Apparently, the television station was too engrossed with
getting a "scoop" and would not allow a trivial thing such as checking and
verifying the facts. Even though every unbiased mind would have started
wondering since when did the natives of Batanes, where Faeldon, hails from,
acquire a Visayan accent. Checking the facts could have spared everyone of the
resulting embarrassment since the only thing that news story had going for it
was it seemed believable.
That being said, the initial reactions were brutal. A lawyer
of the Magdalo group quoted his clients as having burst out into a rain of
guffaws when they heard the news being aired on television. At least, Faeldon’s
lawyer, Trixie Cruz-Angeles, was a bit kinder in her commentary. Referring to
Faeldon, Angeles said: "That’s not him. That’s not his style."

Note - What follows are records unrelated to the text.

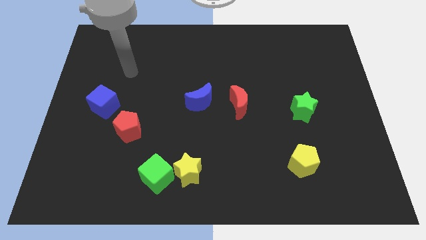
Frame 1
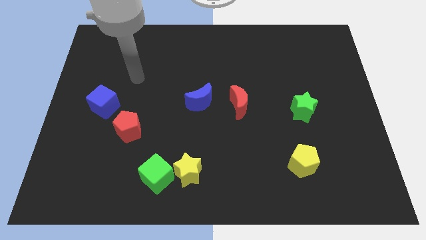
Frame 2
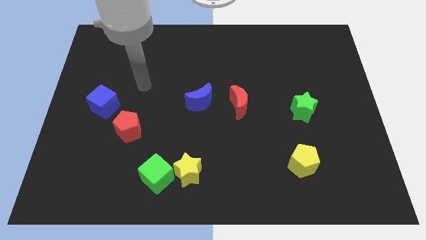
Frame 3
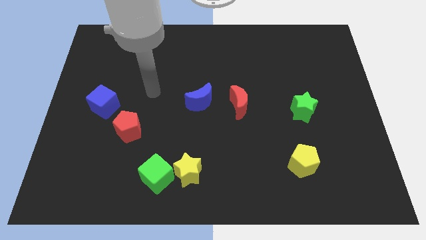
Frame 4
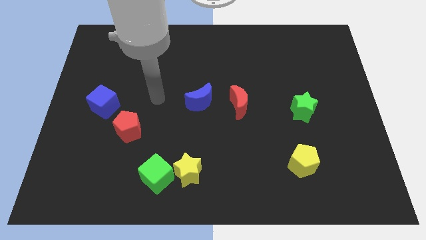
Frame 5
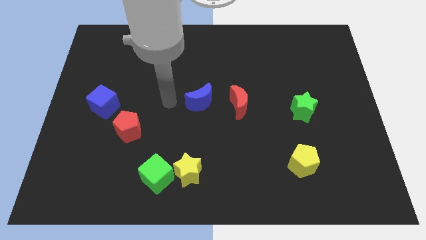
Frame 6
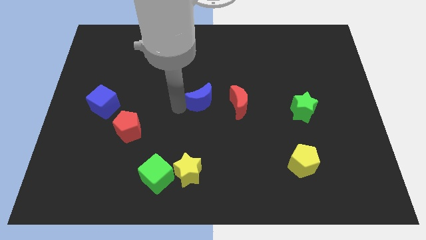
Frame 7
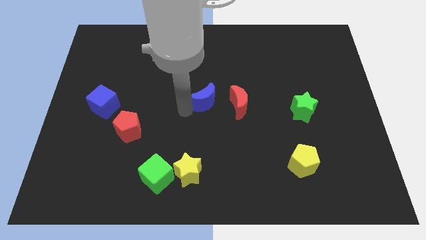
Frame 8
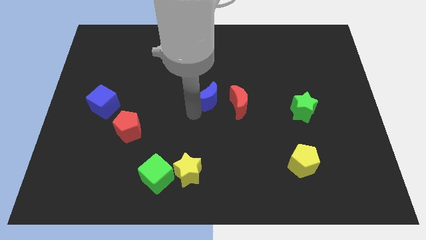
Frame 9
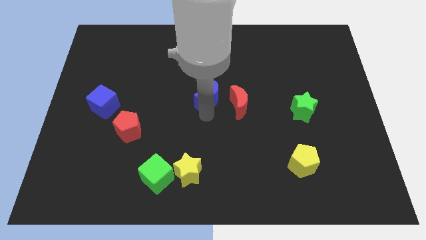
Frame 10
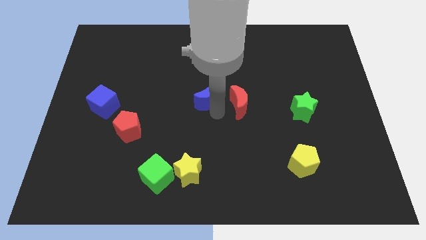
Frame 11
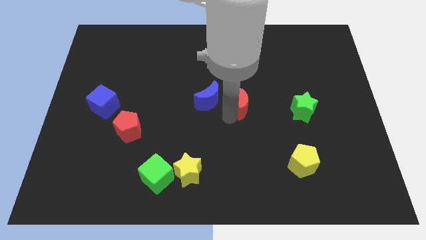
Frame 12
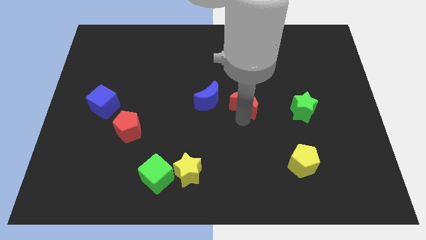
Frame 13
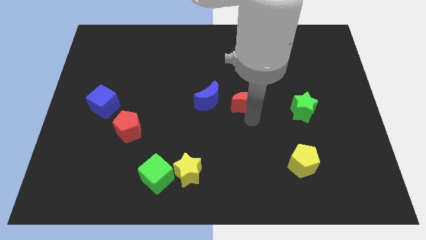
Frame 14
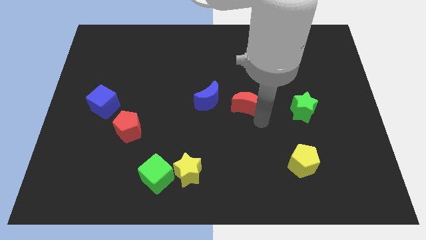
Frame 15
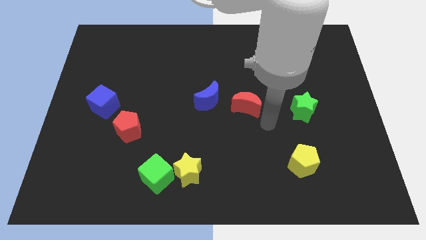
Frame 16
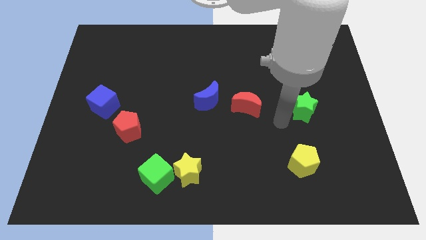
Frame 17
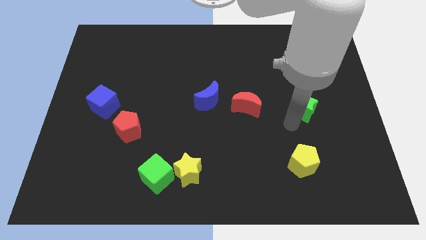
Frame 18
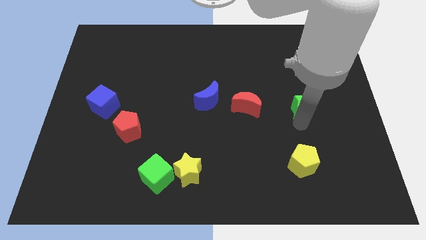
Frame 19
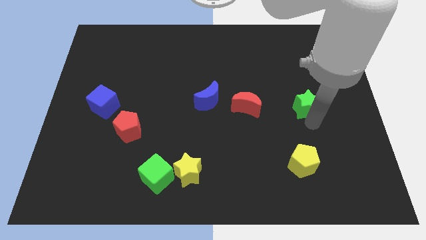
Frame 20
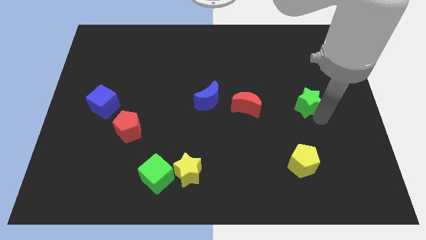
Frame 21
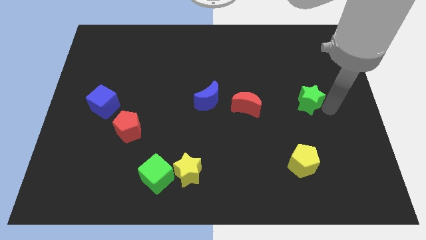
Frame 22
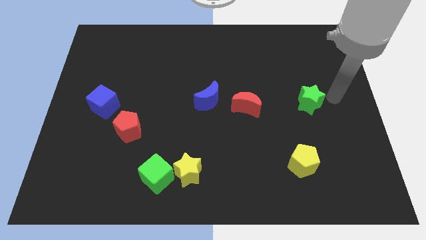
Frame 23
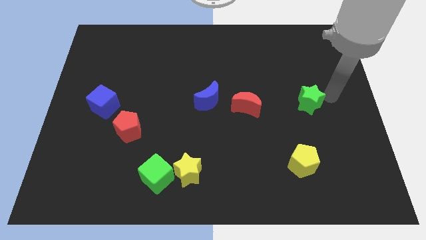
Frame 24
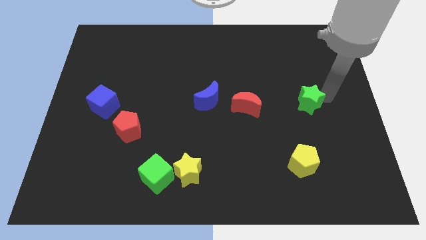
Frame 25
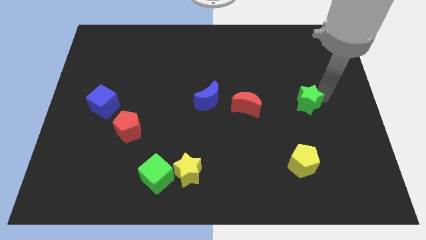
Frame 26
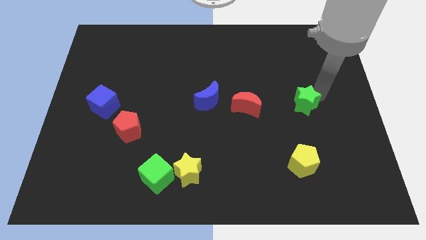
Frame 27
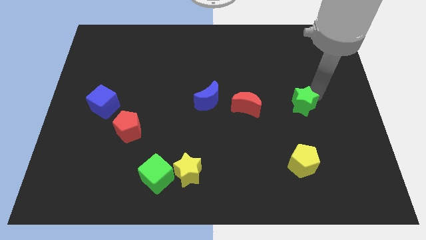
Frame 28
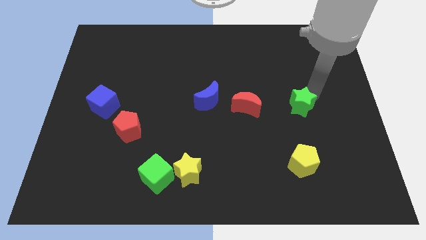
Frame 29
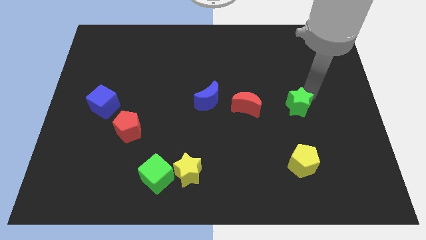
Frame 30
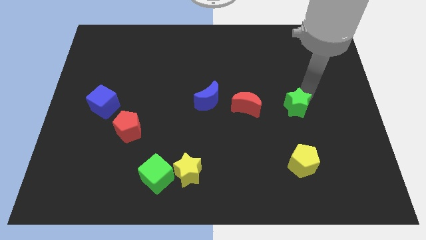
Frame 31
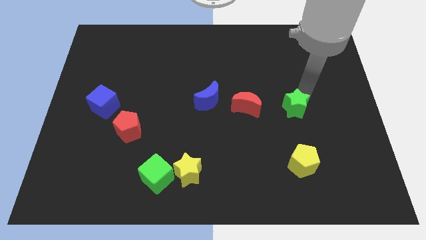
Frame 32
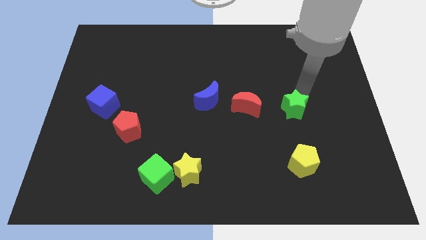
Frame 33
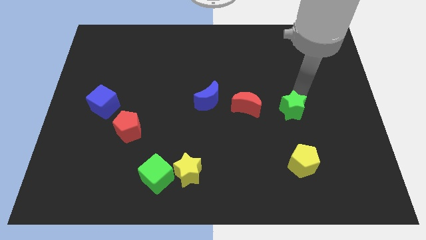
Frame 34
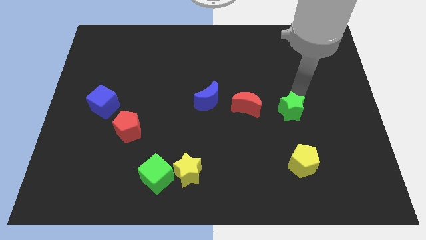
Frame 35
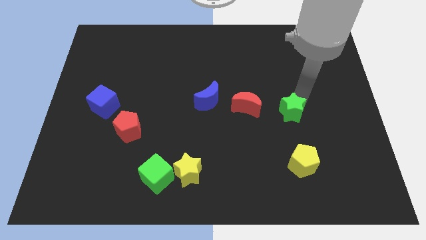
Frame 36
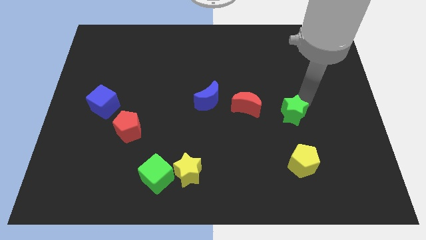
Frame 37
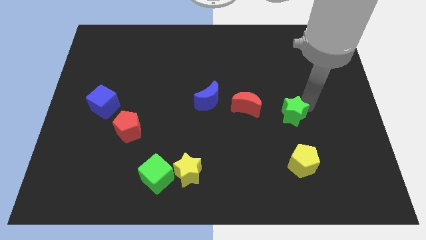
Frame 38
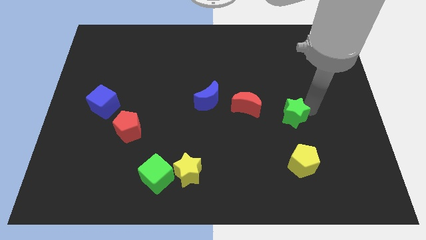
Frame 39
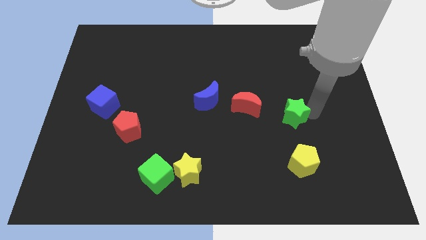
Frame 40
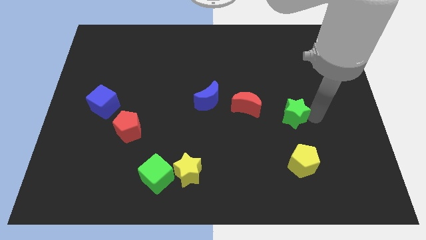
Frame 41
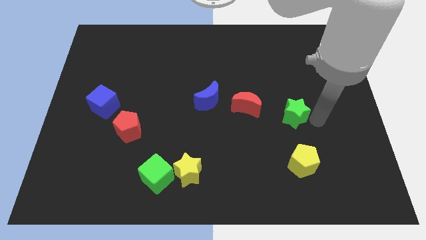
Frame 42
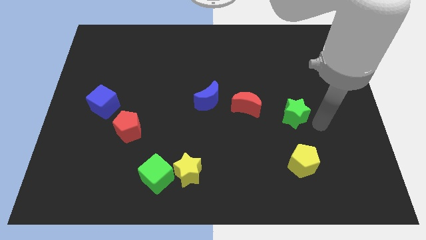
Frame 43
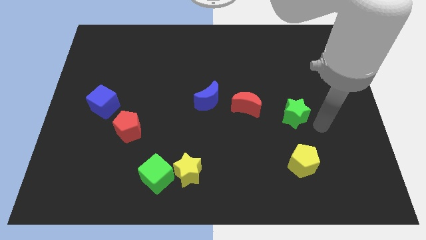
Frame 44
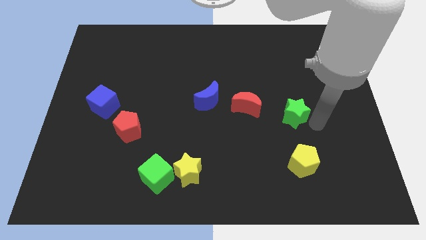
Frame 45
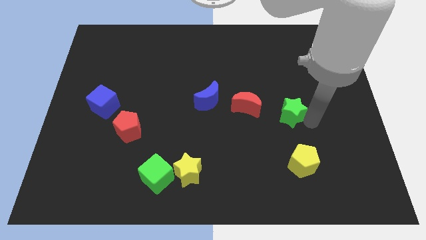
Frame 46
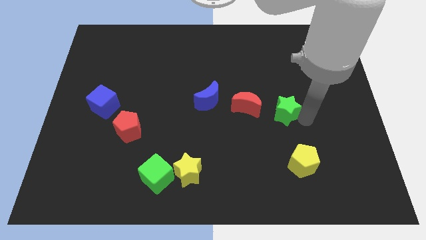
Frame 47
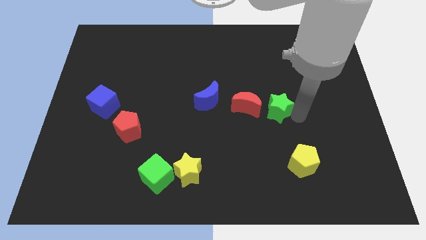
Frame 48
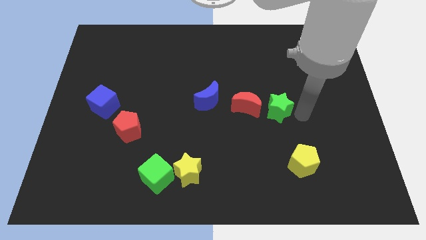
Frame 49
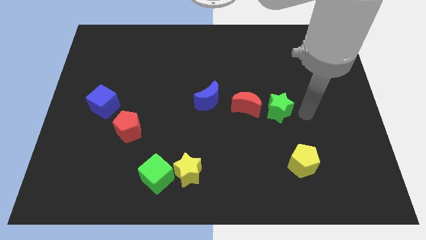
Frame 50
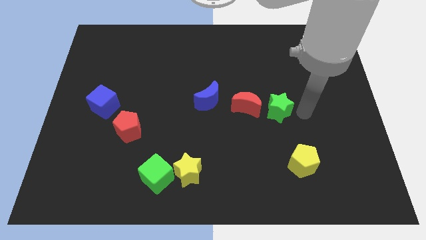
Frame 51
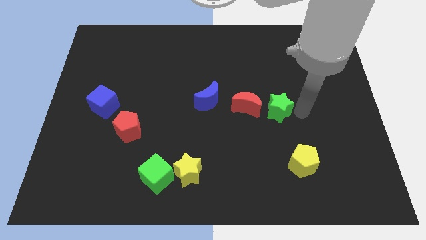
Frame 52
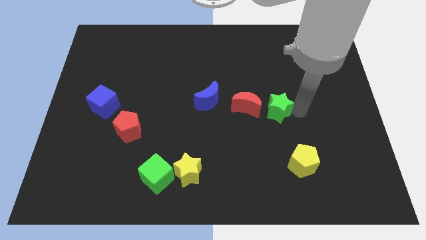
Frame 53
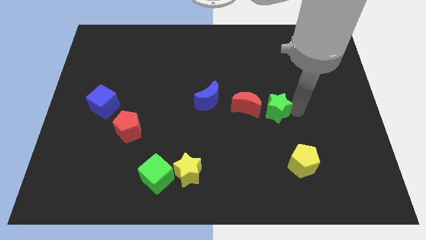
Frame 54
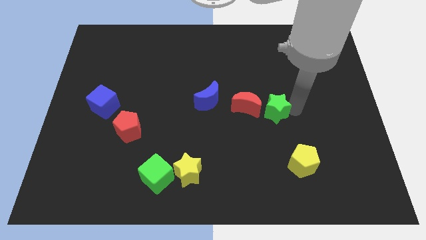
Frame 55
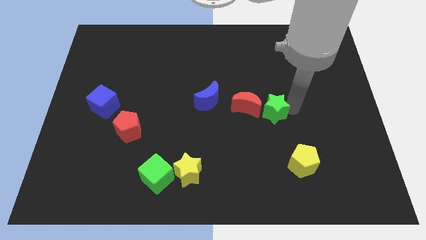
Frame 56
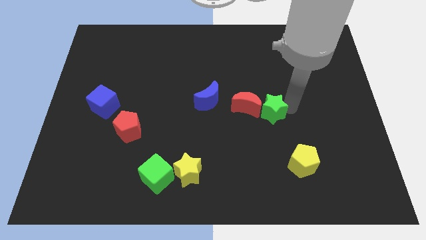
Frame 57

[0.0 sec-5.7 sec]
slide the green star to the red moon

Having left without a leg to stand on and under ethical
pressure to retract and apologize for the blunder, the television station did
the second best thing. It admitted it may have been wrong but also insinuates
that the whole thing could have been one big military operation to force Faeldon
to come out of hiding. Right or wrong, however, it still does not absolve the
television station of the responsibility of undoing the damage done to the
reputation of a senator.
Then there is the case of the Metro Manila Development
Authority (MMDA) shutting down two bus terminals along EDSA in Cubao, Quezon
City for allegedly violating its "nose in, nose out" policy. Actually, the MMDA
simply shut down the "violators" by putting concrete barriers in front of their
terminals.
While the objective of improving traffic flow is laudable,
the actions of the MMDA and its chairman Bayani Fernando are seemingly far from
legal. The last time I read up the law, nothing in the MMDA charter empowers it
to make and enforce laws since it is a coordinating body. The thing to have done
there was to coordinate the shutdown of the bus terminals with the Quezon City
government but this was never going to be the case.
Fernando will implement whatever law in the way he imagines
it suits his agenda best, regardless of the consequences social and legal
consequences. Never mind if his mindless insistence will even humiliate his
bosses in Malacañang as what had happened when it issued an executive order
suspending the implementation of the various local traffic codes and co-opting
them to use the MMDA traffic violation report. Fernando knows very well that
such an order is illegal since a long line of Supreme Court rulings has already
made it clear that the agency has no power to make and enforce laws, which
covers apprehending traffic violators.
We can only be grateful that Fernando and the television reporter who made
that Faeldon news story did not enter the military service. Give them a
battalion of soldiers to command and they would probably shoot dead a busload of
civilians if somebody ever told them that one of the passengers may be a
high-ranking terrorist. There is why we should never be guided by the dictum of
"shoot first, ask questions later," especially if we are not willing to take the
fall.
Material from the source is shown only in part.